2.  **Fused GEMM Execution**: Once a thread block is assigned a group `g`, it executes a complete fused GEMM for that group's specific data. This involves:
    -   Calculating the base memory addresses for $A_{[g]}, B_{[g]}, D_{[g]}, E_{[g]}$, and $F_{[g]}$ using the group index and the problem description for that group.
    -   Executing a standard tiled GEMM for $A_{[g]} \times B_{[g]}$, accumulating the result in registers.
    -   Executing the fused epilogue:
        -   Load the bias `D_[g]` and add it.
        -   Load the elementwise tensor `E_[g]` and apply the operation.
        -   Calculate the permuted destination coordinates and write the final result to `F_[g]`.

This approach maximizes parallelism at two levels: the coarse-grained parallelism across the `G` groups, and the fine-grained data parallelism within each individual GEMM operation.
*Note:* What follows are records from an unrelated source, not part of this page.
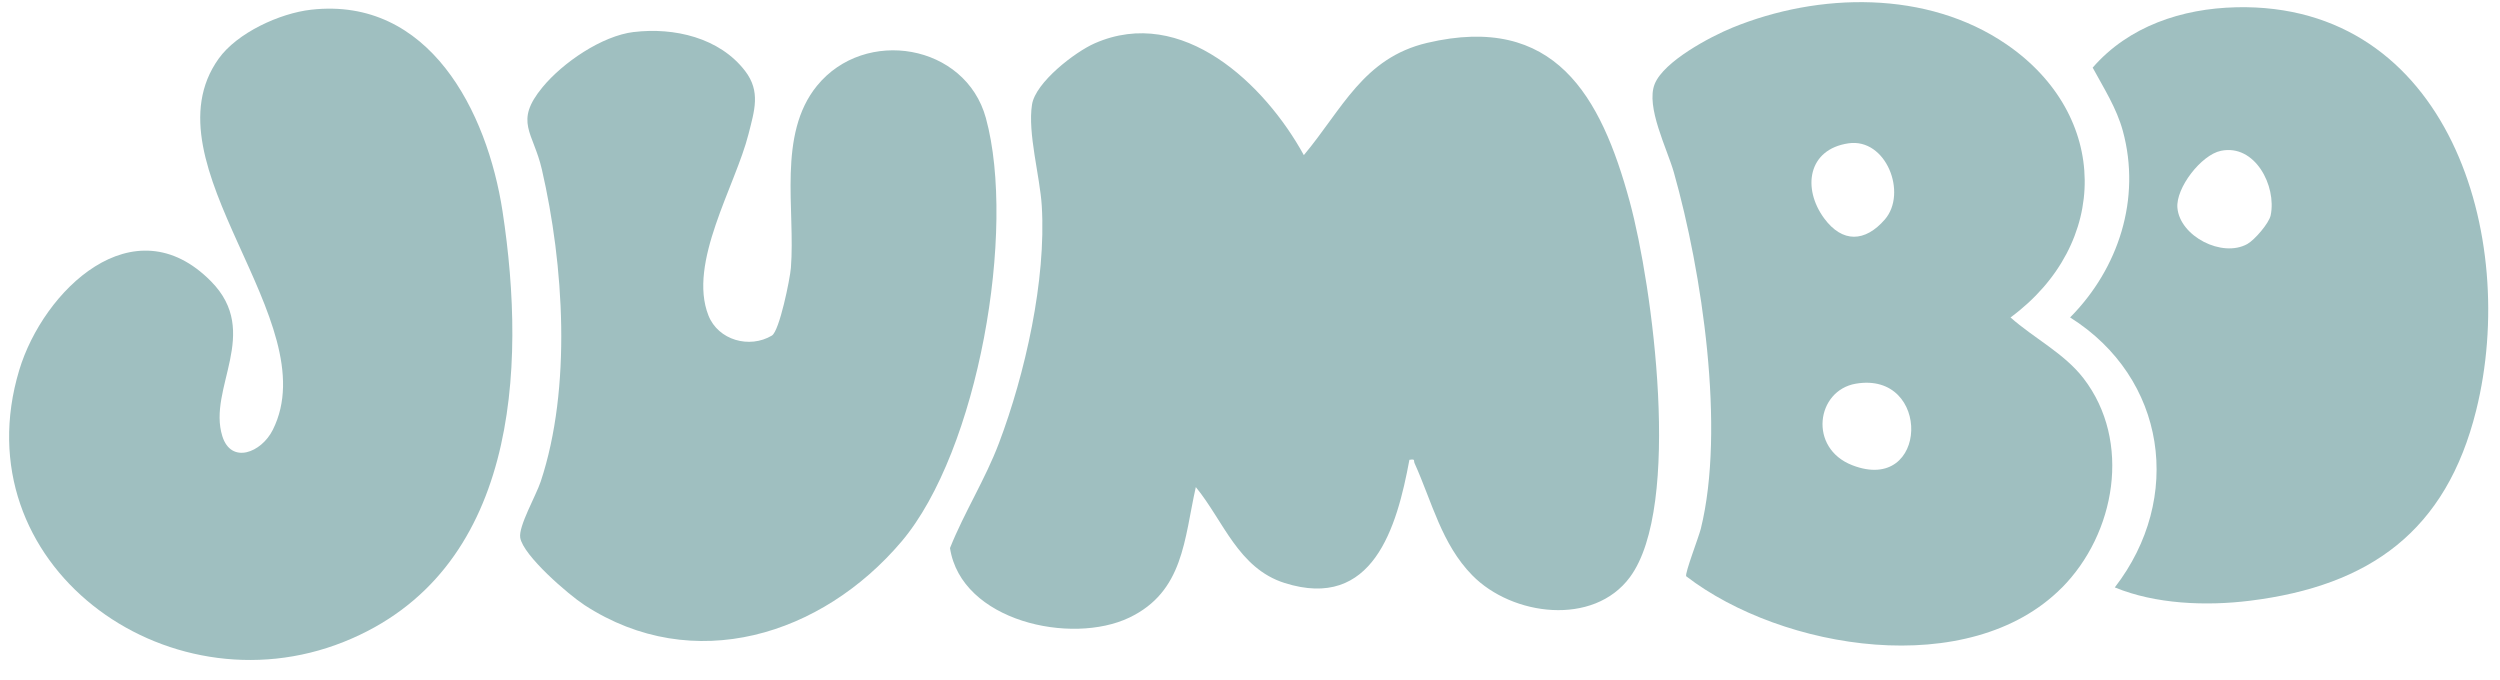 <svg width="114" height="31" viewBox="0 0 114 31" fill="none" xmlns="http://www.w3.org/2000/svg">
<g clip-path="url(#clip0_4156_18176)">
<path d="M67.139 26.238C65.731 24.801 65.303 22.89 64.506 21.127C64.446 20.993 64.559 20.923 64.269 20.968C63.697 24.06 62.603 27.858 58.58 26.585C56.462 25.915 55.79 23.747 54.529 22.211C53.996 24.589 53.976 26.979 51.494 28.164C48.854 29.426 43.832 28.329 43.32 24.991C43.978 23.347 44.925 21.867 45.553 20.205C46.749 17.043 47.711 12.768 47.505 9.392C47.421 8.024 46.855 6.074 47.06 4.768C47.219 3.755 49.017 2.371 49.922 1.974C53.91 0.225 57.684 3.841 59.455 7.074C61.203 4.989 62.164 2.641 65.079 1.955C70.891 0.589 73.004 4.365 74.316 9.197C75.359 13.039 76.71 23.081 74.328 26.314C72.667 28.569 68.953 28.089 67.138 26.236L67.139 26.238Z" fill="#9FBFC0"/>
<path d="M14.184 0.443C19.567 -0.164 22.218 5.084 22.915 9.632C24.022 16.858 23.586 26.106 15.68 29.268C7.528 32.528 -1.777 25.691 0.877 16.877C1.97 13.25 6.09 9.244 9.626 12.832C11.927 15.168 9.454 17.705 10.138 19.889C10.542 21.18 11.917 20.647 12.441 19.599C14.923 14.634 6.534 7.494 9.969 2.678C10.814 1.493 12.761 0.604 14.184 0.443Z" fill="#9FBFC0"/>
<path d="M94.016 26.803C89.804 31.041 81.275 29.648 76.89 26.277C76.822 26.147 77.465 24.483 77.557 24.112C78.683 19.552 77.612 12.398 76.33 7.868C76.025 6.789 75.037 4.869 75.454 3.831C75.871 2.794 77.989 1.674 78.995 1.262C82.942 -0.353 87.878 -0.453 91.487 2.016C96.216 5.252 96.229 11.121 91.68 14.476C92.743 15.421 94.127 16.108 95.009 17.253C97.219 20.124 96.465 24.341 94.017 26.805L94.016 26.803ZM84.288 6.536C82.43 6.81 82.181 8.597 83.182 9.957C84.013 11.084 85.048 11.049 85.95 10.007C86.984 8.812 86.014 6.282 84.287 6.536H84.288ZM84.626 17.496C82.823 17.803 82.449 20.434 84.466 21.215C87.951 22.565 88.091 16.906 84.626 17.496Z" fill="#9FBFC0"/>
<path d="M28.907 1.46C30.739 1.24 32.812 1.718 33.975 3.234C34.697 4.173 34.401 5.046 34.134 6.107C33.532 8.494 31.356 11.981 32.305 14.386C32.751 15.514 34.176 15.912 35.198 15.302C35.542 15.097 36.025 12.72 36.065 12.213C36.274 9.569 35.442 6.137 37.254 3.912C39.442 1.225 44.031 2.002 44.956 5.382C46.354 10.488 44.61 20.564 41.107 24.697C37.486 28.969 31.619 30.824 26.65 27.59C25.926 27.118 23.853 25.334 23.722 24.517C23.638 23.995 24.446 22.594 24.657 21.957C26.074 17.683 25.712 12.073 24.709 7.726C24.315 6.015 23.427 5.566 24.743 3.972C25.665 2.855 27.445 1.634 28.905 1.458L28.907 1.46Z" fill="#9FBFC0"/>
<path d="M101.961 0.331C111.649 0.108 114.88 10.796 112.914 18.711C111.546 24.215 108.073 26.713 102.593 27.394C100.593 27.642 98.289 27.551 96.435 26.786C99.579 22.719 98.787 17.24 94.397 14.475C96.611 12.241 97.641 9.059 96.803 5.975C96.518 4.929 95.935 4.024 95.426 3.084C97.066 1.195 99.499 0.389 101.961 0.332V0.331ZM101.273 6.877C100.376 7.063 99.21 8.571 99.29 9.479C99.404 10.777 101.33 11.766 102.478 11.127C102.803 10.947 103.467 10.185 103.543 9.818C103.819 8.48 102.829 6.553 101.272 6.877H101.273Z" fill="#9FBFC0"/>
</g>
<defs>
<clipPath id="clip0_4156_18176">
<rect width="113.048" height="30" fill="white" transform="translate(0.415 0.097)"/>
</clipPath>
</defs>
</svg>

## Source Code Organization

-   [`grouped_gemm_bias_e_permute_xdl.cpp`](./grouped_gemm_bias_e_permute_xdl.cpp): The main example file. It demonstrates the complex setup for a grouped problem, defining the `G` sets of input tensors and the permutation. It then instantiates the `DeviceGroupedGemmBiasEPermute` operation.
-   [`../../include/ck/tensor_operation/gpu/device/impl/device_grouped_gemm_bias_e_permute_impl.hpp`](../../include/ck/tensor_operation/gpu/device/impl/device_grouped_gemm_bias_e_permute_impl.hpp): The high-level device interface for this specific fused operation. It takes arrays of tensor descriptors, one for each group.
-   The underlying grid-wise kernel contains the logic to map thread blocks to groups and then execute the full fused GEMM pipeline for the assigned group.

## Build and Run

### Prerequisites
Ensure the Composable Kernel library is built and installed.
```bash
cd /path/to/composable_kernel/build
make -j install
```

### Build the Example
```bash
cd /path/to/composable_kernel/example/28_grouped_gemm_bias_e_permute
mkdir build && cd build

cmake \
  -DCMAKE_CXX_COMPILER=/opt/rocm/bin/hipcc \
  -DCMAKE_PREFIX_PATH="/opt/rocm;${CK_INSTALL_PATH}" \
  ..

make -j
```

### Run the Example
```bash
# Run the example with default settings
./grouped_gemm_bias_e_permute_xdl

# Run with verification, data initialization, and timing
./grouped_gemm_bias_e_permute_xdl 1 2 1
```

## Applications

This highly specialized kernel is valuable for optimizing specific patterns in modern neural networks:

-   **Multi-Head Attention (MHA)**: The computation for each head in MHA is independent. The entire MHA block can be viewed as a Grouped GEMM where the number of groups `G` is the number of attention heads. If the Q, K, or V projections involve fusions with bias, other elementwise ops, and permutations to prepare the data for the batched GEMM, this kernel could potentially fuse a large part of that logic.
-   **Depthwise Separable Convolutions**: The depthwise part of this convolution is a Grouped GEMM with `G` equal to the number of channels. If this is followed by a fused activation function (e.g., a gated activation) and a permutation, this kernel could be a perfect match.
-   **Mixture-of-Experts (MoE) Models**: In MoE layers, an input is routed to one of several "expert" sub-networks. If these experts have identical structure, their execution can be formulated as a Grouped GEMM, where `G` is the number of experts. Any fusions within the expert network could be captured by this kernel.

This example showcases the extreme composability of the library, allowing for the creation of highly tailored, high-performance kernels for complex, group-parallel computational graphs.